> **WHAT THE TASK ASKS**
Leaving out all pictures, retype the records exactly.
[[ INFORMATION SUPPLIED, beginning ]]
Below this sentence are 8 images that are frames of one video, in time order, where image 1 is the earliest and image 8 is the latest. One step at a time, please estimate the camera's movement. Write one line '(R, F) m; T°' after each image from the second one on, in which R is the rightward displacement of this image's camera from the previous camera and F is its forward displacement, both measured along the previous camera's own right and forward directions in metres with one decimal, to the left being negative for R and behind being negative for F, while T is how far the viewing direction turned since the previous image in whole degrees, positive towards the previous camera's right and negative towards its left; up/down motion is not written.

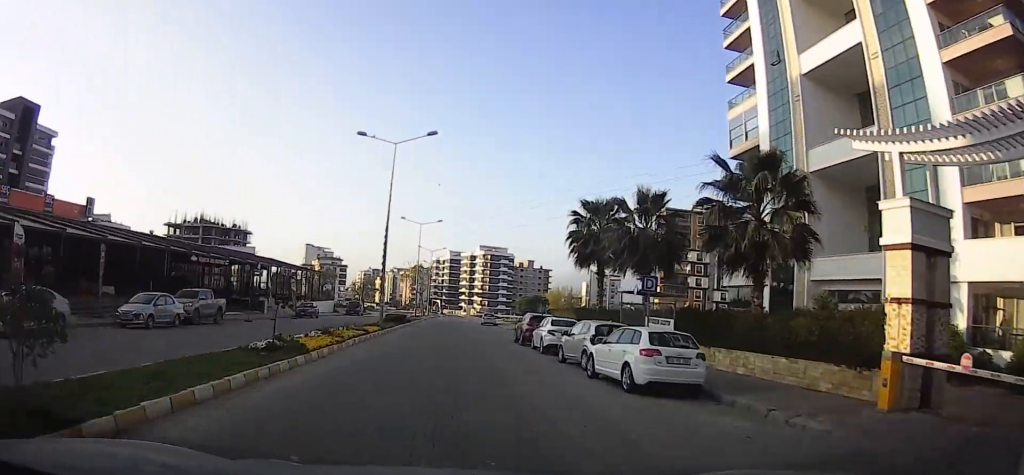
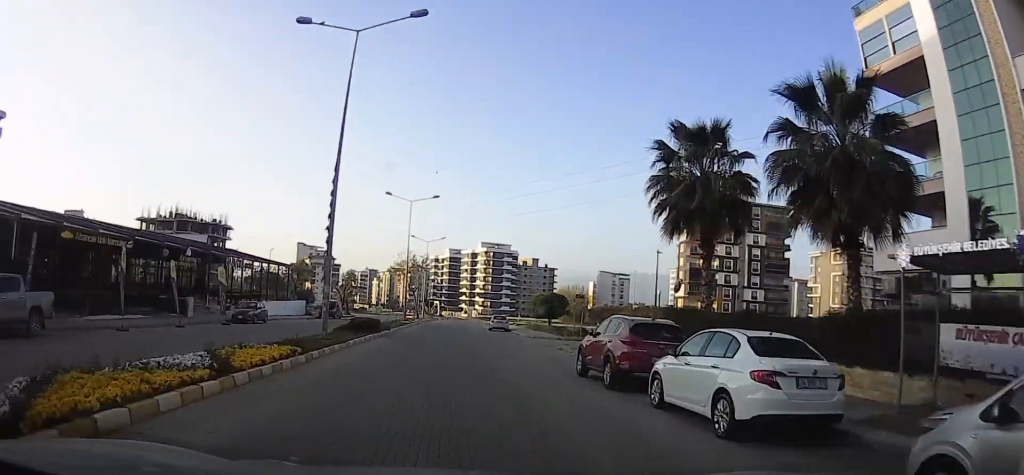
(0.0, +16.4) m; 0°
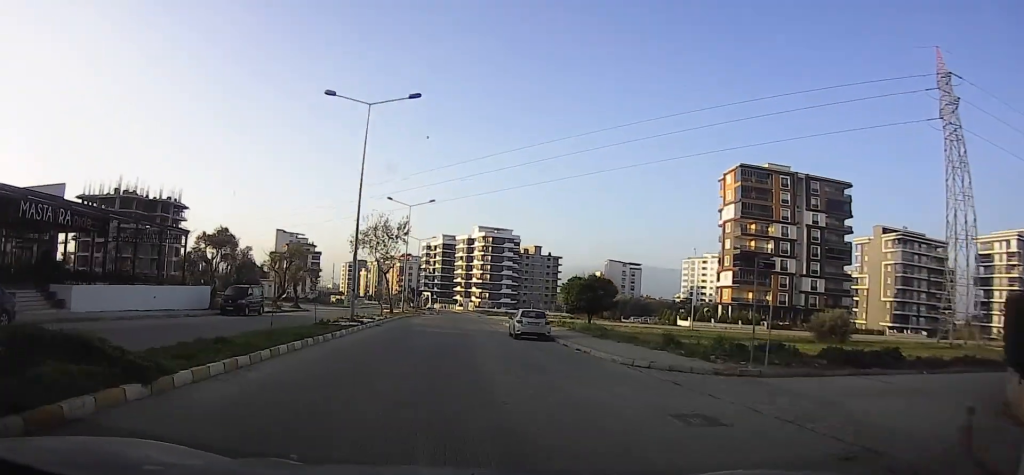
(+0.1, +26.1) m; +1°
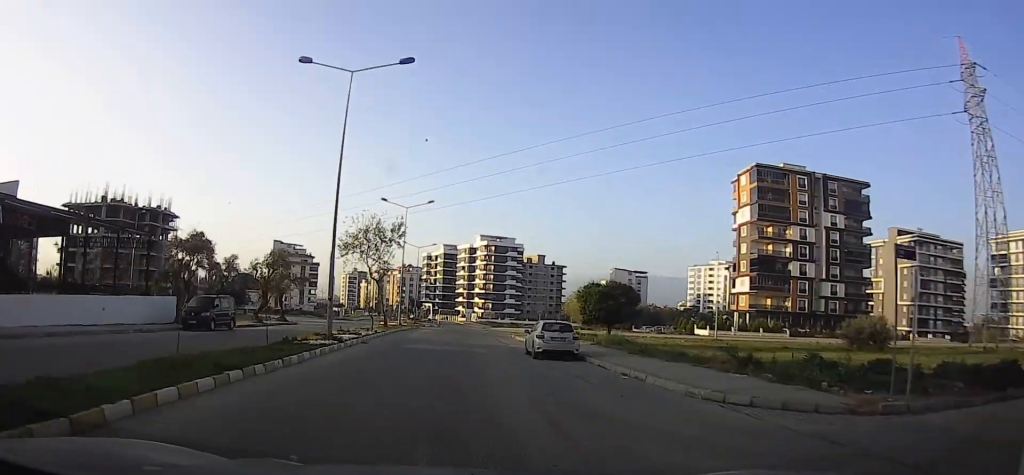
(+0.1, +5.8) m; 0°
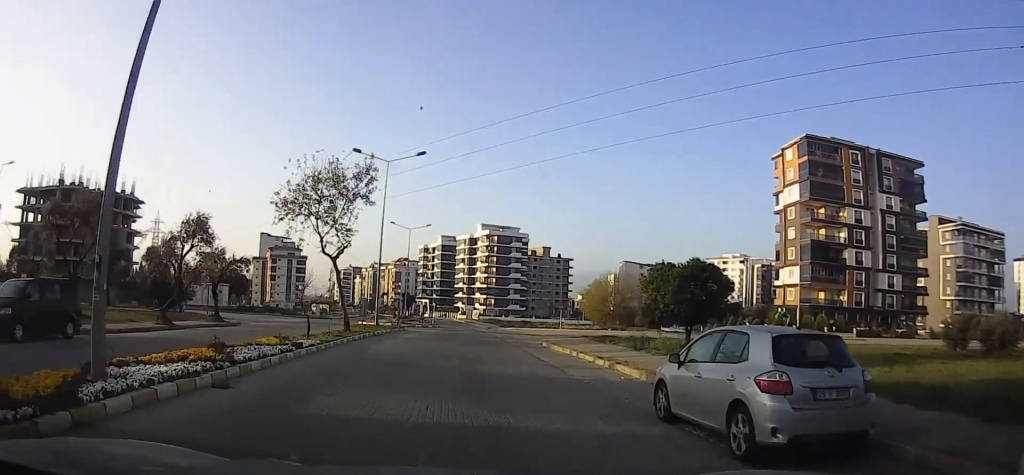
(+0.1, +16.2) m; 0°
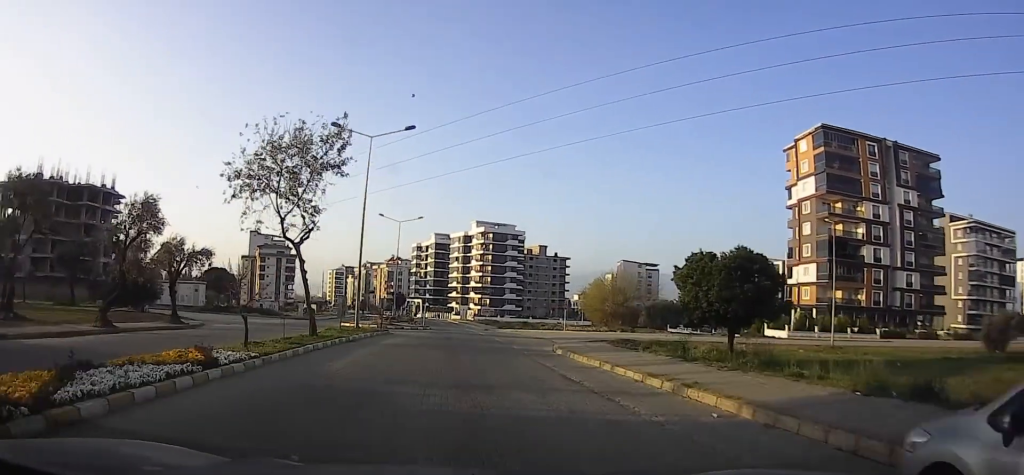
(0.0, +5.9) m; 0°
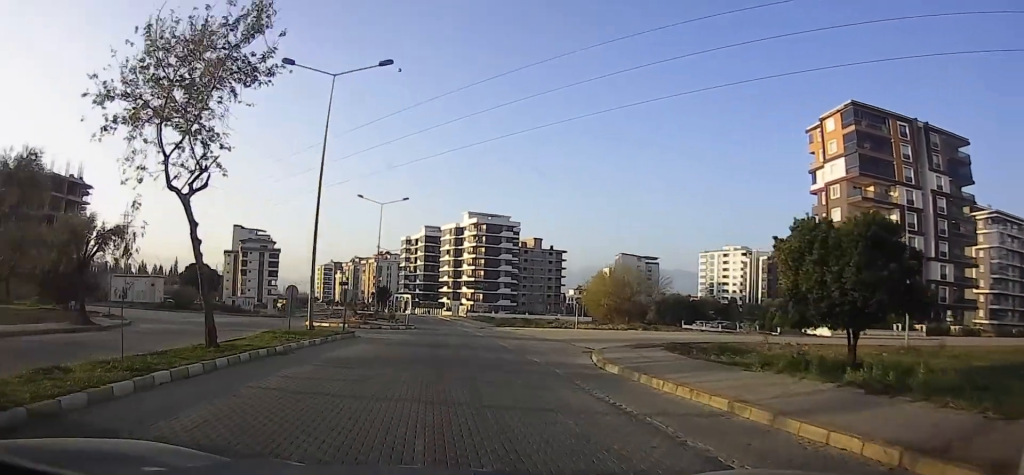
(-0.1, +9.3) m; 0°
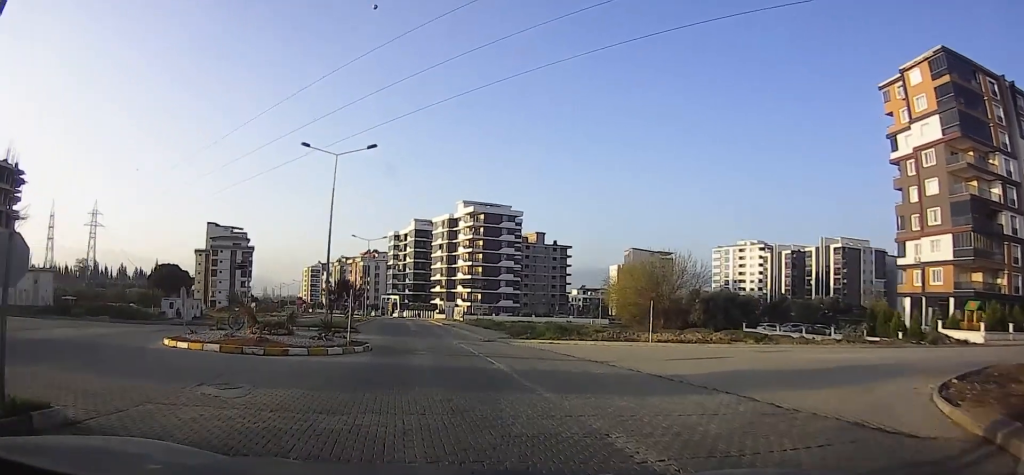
[[ INFORMATION SUPPLIED, end ]]
> **ANSWER BOX**
Below this sentence are 8 images that are frames of one video, in time order, where image 1 is the earliest and image 8 is the latest. One step at a time, please estimate the camera's movement. Write one line '(R, F) m; T°' after each image from the second one on, in which R is the rightward displacement of this image's camera from the previous camera and F is its forward displacement, both measured along the previous camera's own right and forward directions in metres with one decimal, to the left being negative for R and behind being negative for F, while T is how far the viewing direction turned since the previous image in whole degrees, positive towards the previous camera's right and negative towards its left; up/down motion is not written.

(0.0, +16.4) m; 0°
(+0.1, +26.1) m; +1°
(+0.1, +5.8) m; 0°
(+0.1, +16.2) m; 0°
(0.0, +5.9) m; 0°
(-0.1, +9.3) m; 0°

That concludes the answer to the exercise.